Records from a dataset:
- Opening Delimiter -
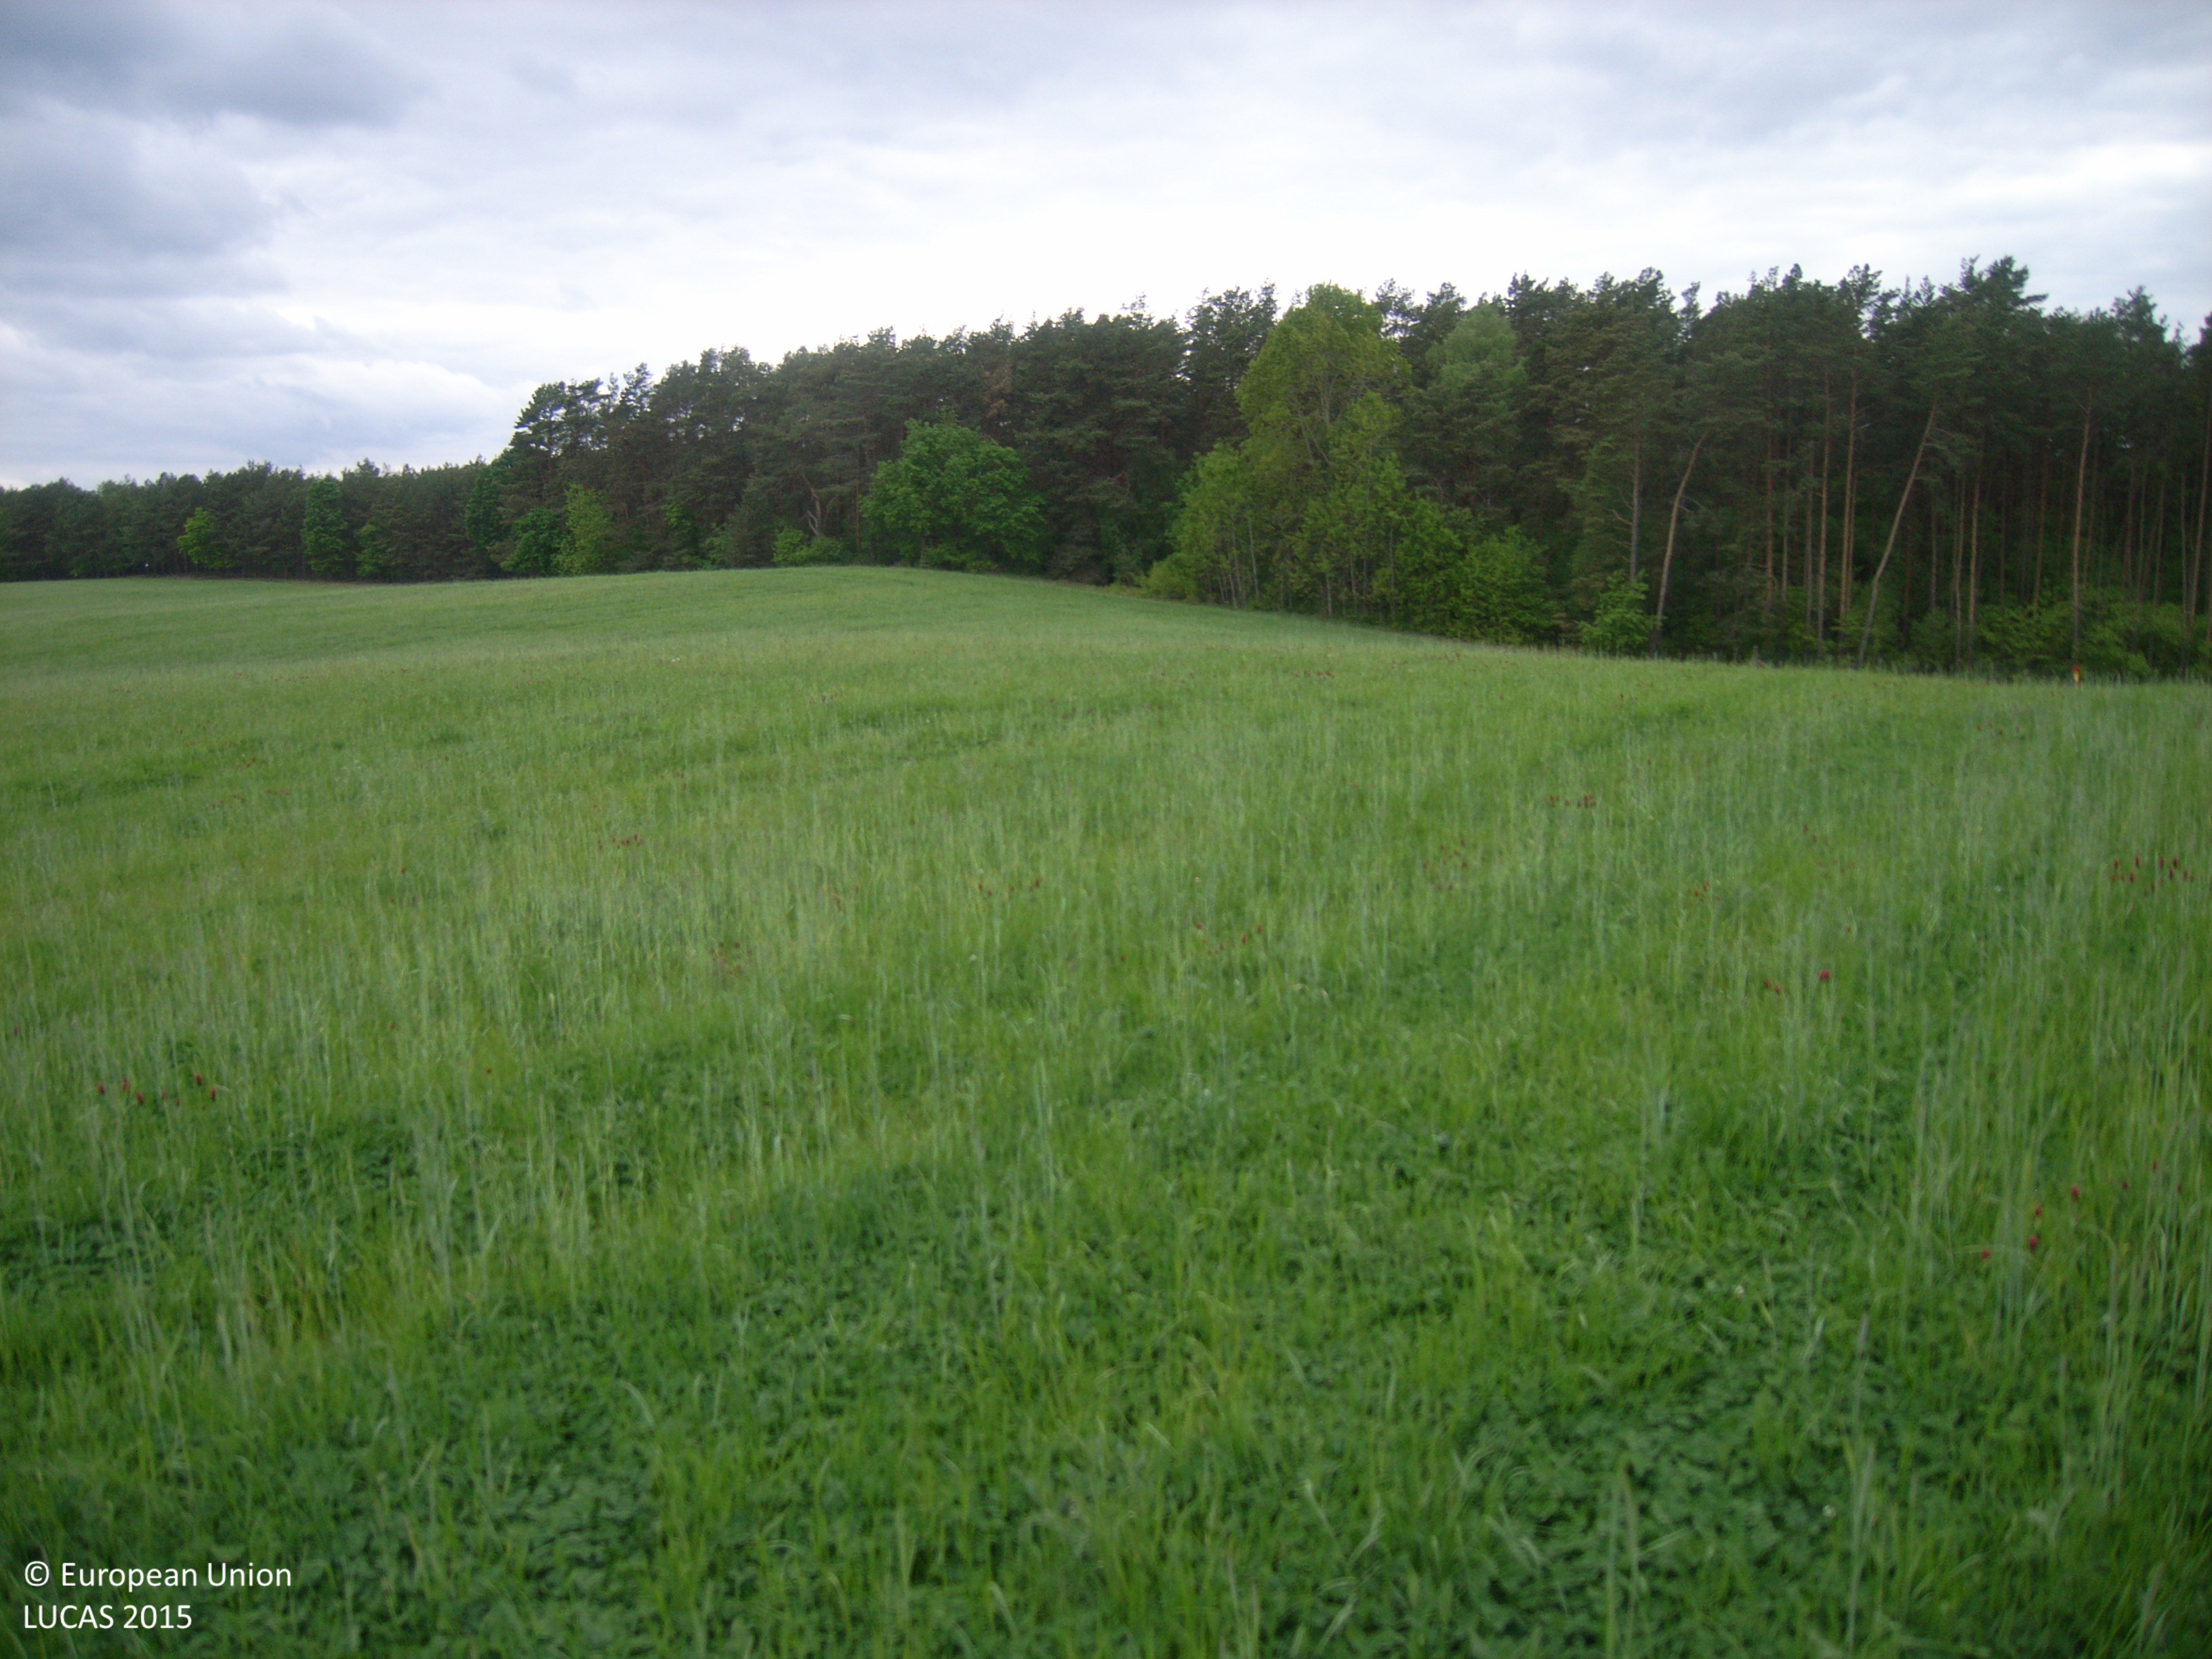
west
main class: Cropland
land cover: Other leguminous and mixtures for fodder
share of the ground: > 75 %
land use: Agriculture (excluding fallow land and kitchen gardens)
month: May
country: DE
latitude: 52.1436
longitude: 13.5805
- Closing Delimiter -
Required work. Please set down each entry word for word, without its images.

Solution to this problem.
west
main class: Cropland
land cover: Other leguminous and mixtures for fodder
share of the ground: > 75 %
land use: Agriculture (excluding fallow land and kitchen gardens)
month: May
country: DE
latitude: 52.1436
longitude: 13.5805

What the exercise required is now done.